I’m a graduate student from Costa Rica at San Francisco State University, Department of Geography and Human Environmental Studies. I studied forest engineering at the Instituto Tecnológico de Costa Rica (ITCR) and worked in the field since I finished college in 2003 until I moved to San Francisco for graduate studies in July 2007. I’m also a recipient of the Lakeside Foundation Fellowship for the master’s program; and professors Barbara Holzman and Healy Hamilton are part of my thesis committee.

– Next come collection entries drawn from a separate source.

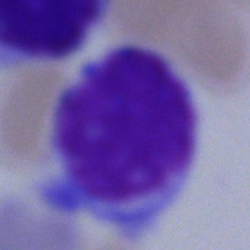

Showing an artifact.
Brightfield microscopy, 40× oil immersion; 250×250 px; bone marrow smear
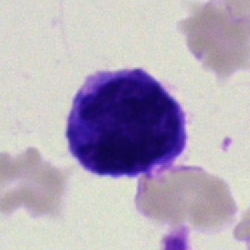 Single cell identified as a blast.
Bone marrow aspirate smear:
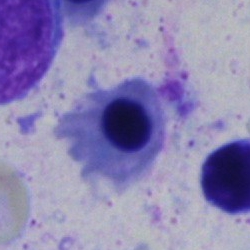Showing a normoblast.

I worked in Costa Rica on several projects and with a number of organizations: Chocolate Biodiversity and Productivity Project (Milwaukee Public Museum - University of Wisconsin - USDA), Instituto Nacional de Biodiversidad (INBio), Centro de Derecho Ambiental y de los Recursos Naturales (CEDARENA), and with the Organization for Tropical Studies (OTS) at the Las Cruces Biological Station.

Research Overview

I’m interested in the effects of forest fragmentation on the population of economically important timber species in Costa Rica, and the possible impact of future climate change on their geographic distributions. My main two questions are: how much their range has been reduced by land use change, and what will happen with their current range based on the predictions of future climate. I’m also interested in the dynamics of the forest patches that gradually became isolated by the deforestation process in the countryside of Costa Rica ; and in developing new methods for mapping the land cover in the tropical landscape.

Contact Information:

Guillermo Duran
San Francisco State University,
Department of Geography and Human Environmental Studies
California Academy of Sciences

gduran@calacademy.org

Guillermo Duran Resume, 2008 (57 kb)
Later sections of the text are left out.